Sam (David Andrews) is a rich man and can afford the better things in life. It’s clear from the beginning that Sam’s wife Cherry (Pamela Gidley) is a robot, so when they have sex on the flooded kitchen floor as the sink overflows, my second question was “is this good for the robot?” Apparently not, because she shorts out. When Sam takes her in for repair, he’s told it’s a hopeless case. The mechanic tries to show Sam different models, but the crude replacements repulse Sam. He remains faithful to his current appliance.
The mechanic explains he can put Cherry’s personality chip into a new chassis, but there’s one catch — no one knows how to make the Cherry 2000 model anymore, and the only remaining stock is in a warehouse in the desert far outside of the sphere of government control. His buddies try to convince him to give up the robot life and give the real thing a try, but no dice. Organic women are rude to him. Anyway, there’s too much red tape in the sexual contract negotiations. Sam heads out to the wasteland in search of “E,” the best tracker in the business.
“E” turns out to be Edith (Melanie Griffith). He’s confused by her gender and likes neither her tone nor her terms, but agrees to both. Off into the wasteland they go, in search of a new gynoid sex robot for Sam.
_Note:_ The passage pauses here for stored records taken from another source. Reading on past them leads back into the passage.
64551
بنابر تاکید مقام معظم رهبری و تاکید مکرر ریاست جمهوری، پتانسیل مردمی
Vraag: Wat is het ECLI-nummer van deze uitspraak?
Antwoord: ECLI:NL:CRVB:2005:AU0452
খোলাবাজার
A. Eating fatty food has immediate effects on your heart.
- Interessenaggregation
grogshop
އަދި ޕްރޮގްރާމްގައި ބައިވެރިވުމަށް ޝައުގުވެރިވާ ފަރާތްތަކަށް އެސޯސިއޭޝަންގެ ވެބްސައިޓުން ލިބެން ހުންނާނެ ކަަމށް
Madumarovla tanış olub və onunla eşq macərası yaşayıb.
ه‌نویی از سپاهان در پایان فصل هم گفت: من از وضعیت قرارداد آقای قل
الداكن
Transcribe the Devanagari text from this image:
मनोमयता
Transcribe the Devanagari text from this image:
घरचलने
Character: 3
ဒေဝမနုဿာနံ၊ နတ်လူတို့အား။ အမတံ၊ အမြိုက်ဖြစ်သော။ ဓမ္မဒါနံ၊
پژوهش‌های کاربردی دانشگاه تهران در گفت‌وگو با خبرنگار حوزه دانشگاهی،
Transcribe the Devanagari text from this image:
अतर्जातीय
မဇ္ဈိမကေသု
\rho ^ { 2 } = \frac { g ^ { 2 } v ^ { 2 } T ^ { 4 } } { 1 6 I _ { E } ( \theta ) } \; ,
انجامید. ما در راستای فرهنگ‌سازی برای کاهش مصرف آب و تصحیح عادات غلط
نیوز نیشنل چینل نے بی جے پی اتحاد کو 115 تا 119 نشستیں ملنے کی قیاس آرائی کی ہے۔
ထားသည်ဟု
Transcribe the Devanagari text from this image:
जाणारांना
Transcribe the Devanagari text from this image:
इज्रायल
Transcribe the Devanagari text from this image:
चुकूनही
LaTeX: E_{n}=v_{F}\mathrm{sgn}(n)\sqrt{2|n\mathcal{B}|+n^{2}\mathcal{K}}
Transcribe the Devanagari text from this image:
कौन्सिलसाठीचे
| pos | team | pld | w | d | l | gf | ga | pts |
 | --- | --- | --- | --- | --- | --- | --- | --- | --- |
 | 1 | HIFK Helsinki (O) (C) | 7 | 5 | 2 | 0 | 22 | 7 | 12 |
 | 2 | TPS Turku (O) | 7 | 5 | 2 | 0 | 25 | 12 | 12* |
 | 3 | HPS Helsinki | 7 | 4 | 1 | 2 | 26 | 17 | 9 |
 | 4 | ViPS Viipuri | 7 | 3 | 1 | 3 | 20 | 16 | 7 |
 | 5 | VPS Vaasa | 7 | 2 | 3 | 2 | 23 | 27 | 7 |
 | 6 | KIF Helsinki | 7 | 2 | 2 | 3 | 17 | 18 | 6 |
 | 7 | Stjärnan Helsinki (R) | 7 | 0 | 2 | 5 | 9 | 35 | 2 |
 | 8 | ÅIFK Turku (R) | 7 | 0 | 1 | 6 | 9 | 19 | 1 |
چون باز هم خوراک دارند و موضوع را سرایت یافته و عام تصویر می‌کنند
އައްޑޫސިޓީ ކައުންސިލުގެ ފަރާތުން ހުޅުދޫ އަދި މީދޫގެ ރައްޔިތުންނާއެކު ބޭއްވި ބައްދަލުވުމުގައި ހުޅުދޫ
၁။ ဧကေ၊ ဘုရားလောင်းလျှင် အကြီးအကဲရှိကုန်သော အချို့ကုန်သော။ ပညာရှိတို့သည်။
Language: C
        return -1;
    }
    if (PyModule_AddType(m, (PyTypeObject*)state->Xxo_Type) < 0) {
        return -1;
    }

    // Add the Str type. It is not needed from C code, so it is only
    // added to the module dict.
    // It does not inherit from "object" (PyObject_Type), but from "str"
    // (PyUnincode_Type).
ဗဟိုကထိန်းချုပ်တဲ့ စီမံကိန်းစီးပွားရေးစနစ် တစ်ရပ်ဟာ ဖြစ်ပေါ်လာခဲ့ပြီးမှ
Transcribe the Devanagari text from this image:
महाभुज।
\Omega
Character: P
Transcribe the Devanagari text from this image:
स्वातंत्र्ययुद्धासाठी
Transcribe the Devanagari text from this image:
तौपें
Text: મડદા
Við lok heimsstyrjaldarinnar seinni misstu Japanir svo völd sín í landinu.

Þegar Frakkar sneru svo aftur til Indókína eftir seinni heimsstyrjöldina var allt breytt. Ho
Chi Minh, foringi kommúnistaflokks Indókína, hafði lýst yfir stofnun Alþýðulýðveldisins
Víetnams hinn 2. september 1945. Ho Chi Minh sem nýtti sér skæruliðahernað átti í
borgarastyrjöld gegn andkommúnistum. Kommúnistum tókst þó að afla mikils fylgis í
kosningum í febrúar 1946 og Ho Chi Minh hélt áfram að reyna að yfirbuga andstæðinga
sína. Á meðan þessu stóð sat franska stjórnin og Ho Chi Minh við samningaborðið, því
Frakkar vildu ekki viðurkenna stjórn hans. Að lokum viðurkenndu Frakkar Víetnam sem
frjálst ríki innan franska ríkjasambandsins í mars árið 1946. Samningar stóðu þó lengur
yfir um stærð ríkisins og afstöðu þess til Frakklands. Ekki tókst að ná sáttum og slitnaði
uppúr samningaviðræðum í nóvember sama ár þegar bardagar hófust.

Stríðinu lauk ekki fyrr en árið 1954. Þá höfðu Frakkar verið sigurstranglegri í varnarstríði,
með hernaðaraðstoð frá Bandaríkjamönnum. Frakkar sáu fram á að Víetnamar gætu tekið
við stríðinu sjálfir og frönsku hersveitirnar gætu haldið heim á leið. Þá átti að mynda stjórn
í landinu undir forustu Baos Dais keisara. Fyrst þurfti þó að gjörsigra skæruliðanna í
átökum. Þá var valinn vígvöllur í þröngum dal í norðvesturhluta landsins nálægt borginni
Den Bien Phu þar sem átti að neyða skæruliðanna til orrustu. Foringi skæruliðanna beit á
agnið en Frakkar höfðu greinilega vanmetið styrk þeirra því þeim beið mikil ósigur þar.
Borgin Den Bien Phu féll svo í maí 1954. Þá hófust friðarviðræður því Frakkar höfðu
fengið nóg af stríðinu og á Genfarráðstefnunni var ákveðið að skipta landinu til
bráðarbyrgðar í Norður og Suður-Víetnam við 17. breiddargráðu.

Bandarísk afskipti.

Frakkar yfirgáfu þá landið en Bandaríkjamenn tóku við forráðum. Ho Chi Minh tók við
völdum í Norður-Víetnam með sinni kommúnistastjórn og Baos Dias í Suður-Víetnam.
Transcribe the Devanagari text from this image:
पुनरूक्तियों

Along the way they have a few adventures, close shaves, and a run-in with Lester, a New Age warlord whose disciples all wear Hawaiian shirts. Sam also feels himself drawn to Edith, even though she’s infuriating, confusing, and a pain in the ass.
The most entertaining and effective act of the movie is at the end. Sam and Edith locate the warehouse and boot up a new Cherry 2000 chassis, but then they have to get it out under fire from Lester’s gang. Sam and Edith, who have been through a lot, have a rapport and can work together. The manufacturer programmed Cherry for domestic simulation and erotic performance only. She is not just useless in a firefight, she is incapable of realizing that there’s one going on. In a movie that tries to be tongue-in-cheek, this is the only part that’s laugh-out-loud funny. It’s also very effective at underscoring the theme: real partnerships can frustrate, but they are more gratifying than mere sex objects.
Undercutting that everywhere else is the fact that Pamela Gidley plays a robot simulating humanity a lot more effectively than Melanie Griffith does being human. Griffith’s delivery is affectless, and she cannot scrape up any emotional responses beyond mild irritation or passing infatuation. The script calls for her to get angry, which she does by shouting louder. It also calls for her to be pensive, which she does by acting sleepy.
Some of this is on Griffith, but a fair amount of it has to be on the screenwriter who makes her out to be a Mad Max hardass survivalist in one scene and a childlike, romantic naif in the next. There is no reason for E to be attracted to Sam. He is self-absorbed, peevish, and entitled. But she is anyway. If the director and the screenwriter don’t know where Griffith is going with the character, it’s hard to blame her.
There are some talented character actors, though. Tim Thomerson, known for playing Jack Deth in the Trancers series, chews enough scenery to be diverting. Western actor Harry Carey, Jr. has a good bit. Laurence Fishburne has a cameo as a facilitator for sexual encounter negotiations, as does the Maniac Cop Robert Zdar. There’s a bizarre river-crossing scene with an electromagnetic crane, rocket launchers, and physical stunts that bear no critical thinking. As Mad Max ripoffs go, this one is light as a feather, but could stand to have taken itself more seriously. If anyone wants to remake it with Charlize Theron, Tatiana Maslany, and Matt Smith, I’d be up for a rental.